Print every record exactly, but leave out the pictures.
★ ★ ★
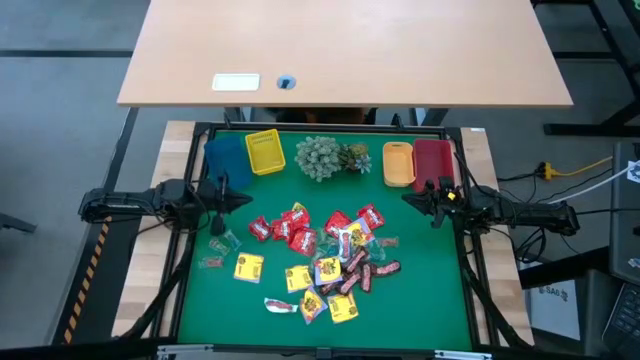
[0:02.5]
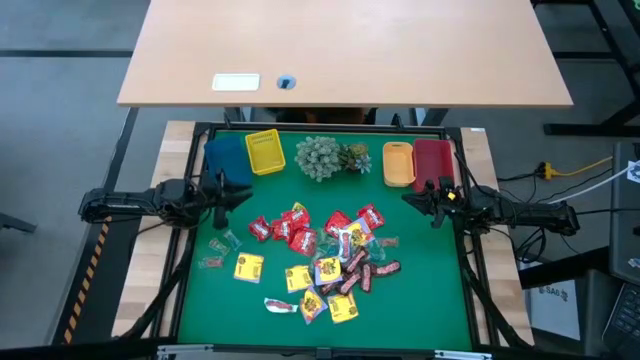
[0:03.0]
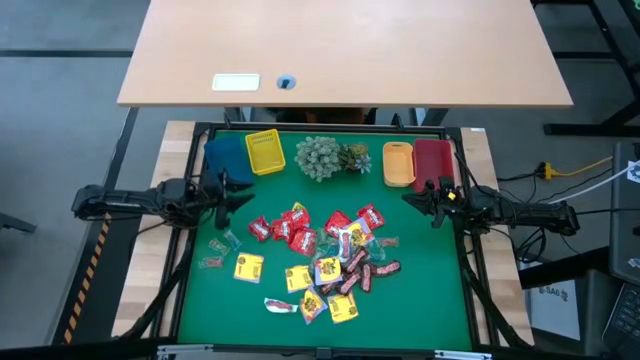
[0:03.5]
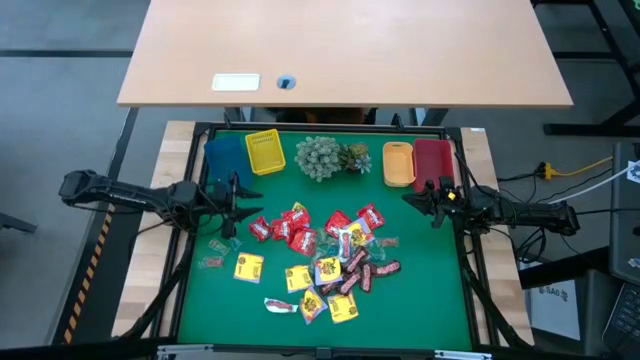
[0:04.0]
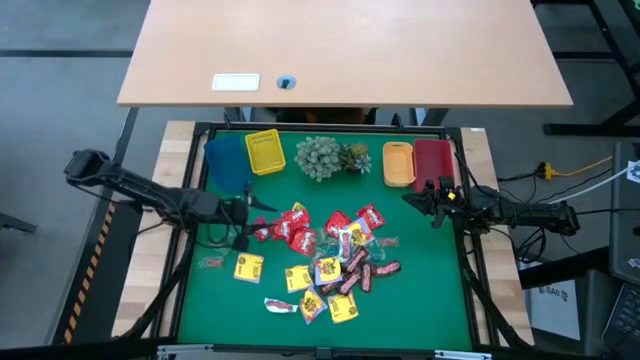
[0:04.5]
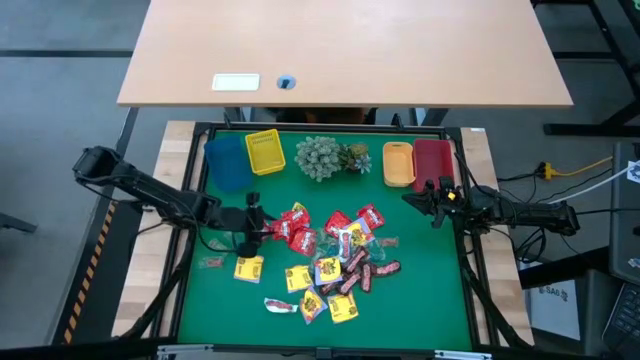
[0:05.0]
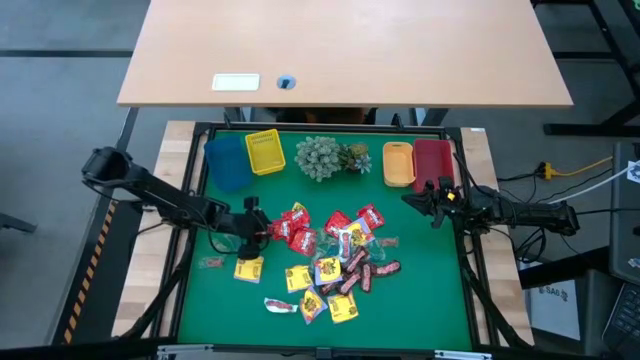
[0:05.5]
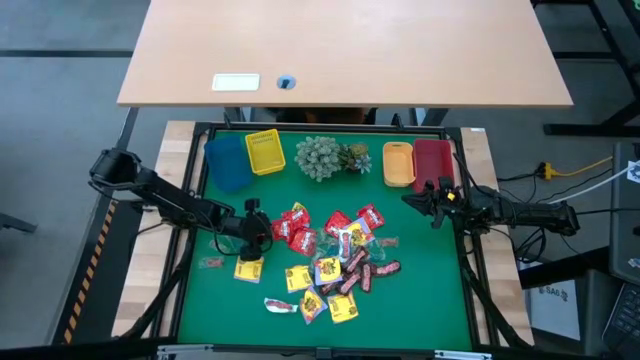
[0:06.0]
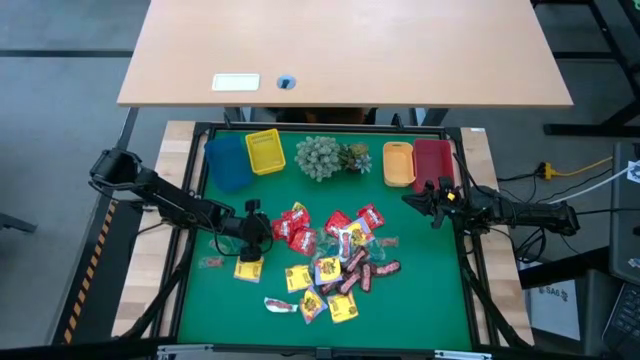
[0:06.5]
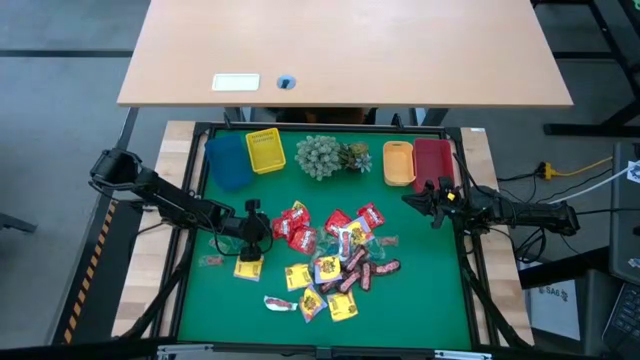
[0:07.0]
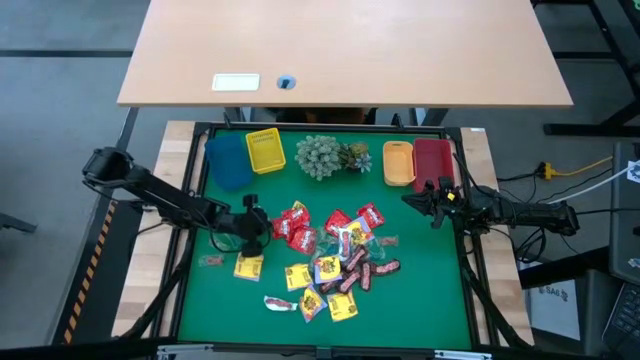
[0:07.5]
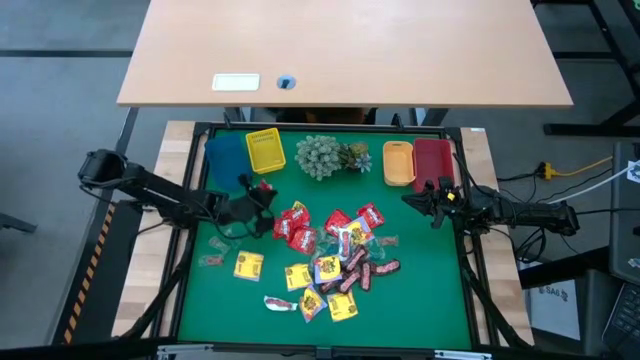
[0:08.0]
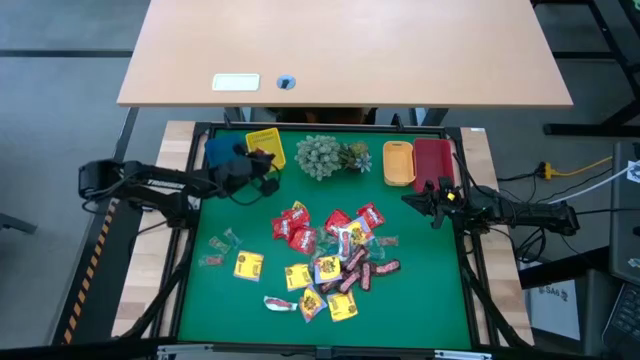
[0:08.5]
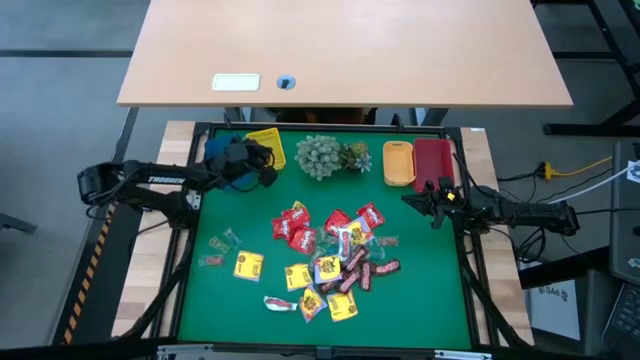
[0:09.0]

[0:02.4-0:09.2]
★ ★ ★
FINISHED TASK –
[0:02.5]
[0:03.0]
[0:03.5]
[0:04.0]
[0:04.5]
[0:05.0]
[0:05.5]
[0:06.0]
[0:06.5]
[0:07.0]
[0:07.5]
[0:08.0]
[0:08.5]
[0:09.0]

[0:02.4-0:09.2]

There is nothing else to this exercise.